In this fascinating interview, Russ Lamberti from Sake-Liga interviews Prof. Koos Malan, an emeritus professor of Public Law at the University of Pretoria. The interview covers:
- The recent ruling by the constitutional court on the “kill the Boer” chant.
- The separation – or lack thereof – between the judiciary and the ruling elite.
- Sake-Liga’s perspective on using the courts to effect meaningful change and promote a better business environment.
My take: Change is possible, but the right approach needs to be taken.
2. “Friday Song People” covers.
I love nothing more than a good cover of a good song. So, I was delighted when my friend Mark Rosin of Friday Song fame requested that his subscribers nominate their favourite covers.
I duly nominated 10 songs. Couldn’t help myself.
Mark then compiled a lengthy list of all, or at least most, of the nominees. He did say that some of them were a bit too corny to include, but he tried to include everything as he didn’t want to hurt anyone’s feelings.
He only included one of my songs.
In any case, here is the playlist.
It makes for wonderful listening, and I think there’s something for everyone’s taste. Try to identify the original and the person or band covering it without looking.
You can follow Mark on Spotify and you can reach out to me if you would like to be subscribed to his Friday song. You’ll receive one song every Friday via WhatsApp, along with a deep dive into why the song is so special, written by someone who knows more than a little about music.
Come for the song, stay for the writing
Enjoy the music!
A few significant events occurred during my holiday over the past two weeks.
The leader of the Catholic Church, Pope Benedict XVI, passed away, and a new pope was chosen, Pope Leo XIV, the first American pope.

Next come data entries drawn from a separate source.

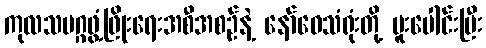
ကုလသမဂ္ဂဖွံ့ဖြိုးရေးအစီအစဉ်နဲ့ နော်ဝေသံရုံးတို့ ပူးပေါင်းပြီး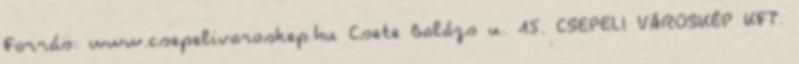
Forrás: www.csepelivaroskep.hu Csete Balázs u. 15. CSEPELI VÁROSKÉP KFT.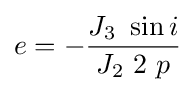
e=-{\frac {J_{3}\ \sin i}{J_{2}\ 2\ p}}
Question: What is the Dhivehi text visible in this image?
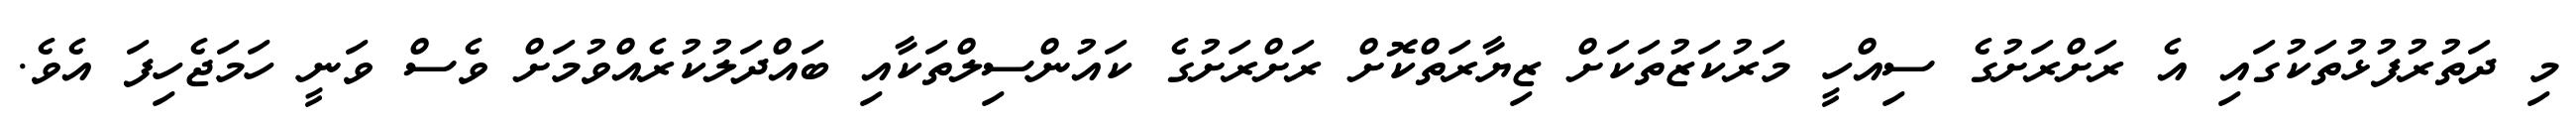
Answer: މި ދަތުރުފުޅުތަކުގައި އެ ރަށްރަށުގެ ސިއްހީ މަރުކަޒުތަކަށް ޒިޔާރަތްކޮށް ރަށްރަށުގެ ކައުންސިލްތަކާއި ބައްދަލުކުރެއްވުމަށް ވެސް ވަނީ ހަމަޖެހިފަ އެވެ.

Also, at the Berkshire Hathaway annual shareholders meeting, Warren Buffett, the leader of the Church of Value Investors, announced his retirement. He received a 10-minute standing ovation from his 50,000-strong congregation in Omaha. It is truly the end of an era. The world will likely never again experience anything like him.
These leaders both brought joy to their followers and will be sorely missed.
Closer to home, my son Nic did the double: he passed his CFA Level 1 exam and completed his first-ever triathlon. Here he is, smiling, after surviving the ocean swim, bike and run:

Am I allowed to say I’m very proud of him?
But after all this, life carries on. So be careful out there.